The stem cells developed into a 3D retina, where the rod cells carried the genetic mutation of interest. The researchers were then able to investigate the underlying genetic aetiology of Usher syndrome. RNA sequencing was used to study the rod cells. By comparing the transcriptomes of control and patient-derived organoids, differential gene expression was observed. Bulk RNA sequencing revealed abnormal gene expression in patient-derived cells. Single-cell RNA sequencing highlighted dysregulated metabolic pathways in the cells.

Keep an eye out for future applications

The researchers studied rod cells at an individual level and in greater depth than ever before by using the ‘mini eyes’ and RNA sequencing analysis. The ‘mini eye’ models are likely to have considerable implications for future research and development of treatments. Using the same protocol, models of other genetic eye conditions could be developed. Organoids could also be used to design and test treatments, including gene editing therapies.

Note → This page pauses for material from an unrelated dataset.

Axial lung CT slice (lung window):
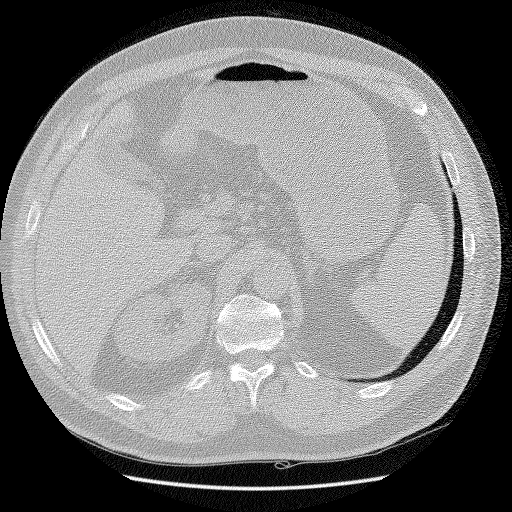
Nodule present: no

Professor Jane Sowden, senior author and Professor of Developmental Biology and Genetics at UCL said, “We are very grateful to patients and families who donate these samples to research so that, together, we can further our understanding of genetic eye conditions, like Usher syndrome. Although a while off, we hope that these models can help us to one day develop treatments that could save the sight of children and young people with Usher syndrome.”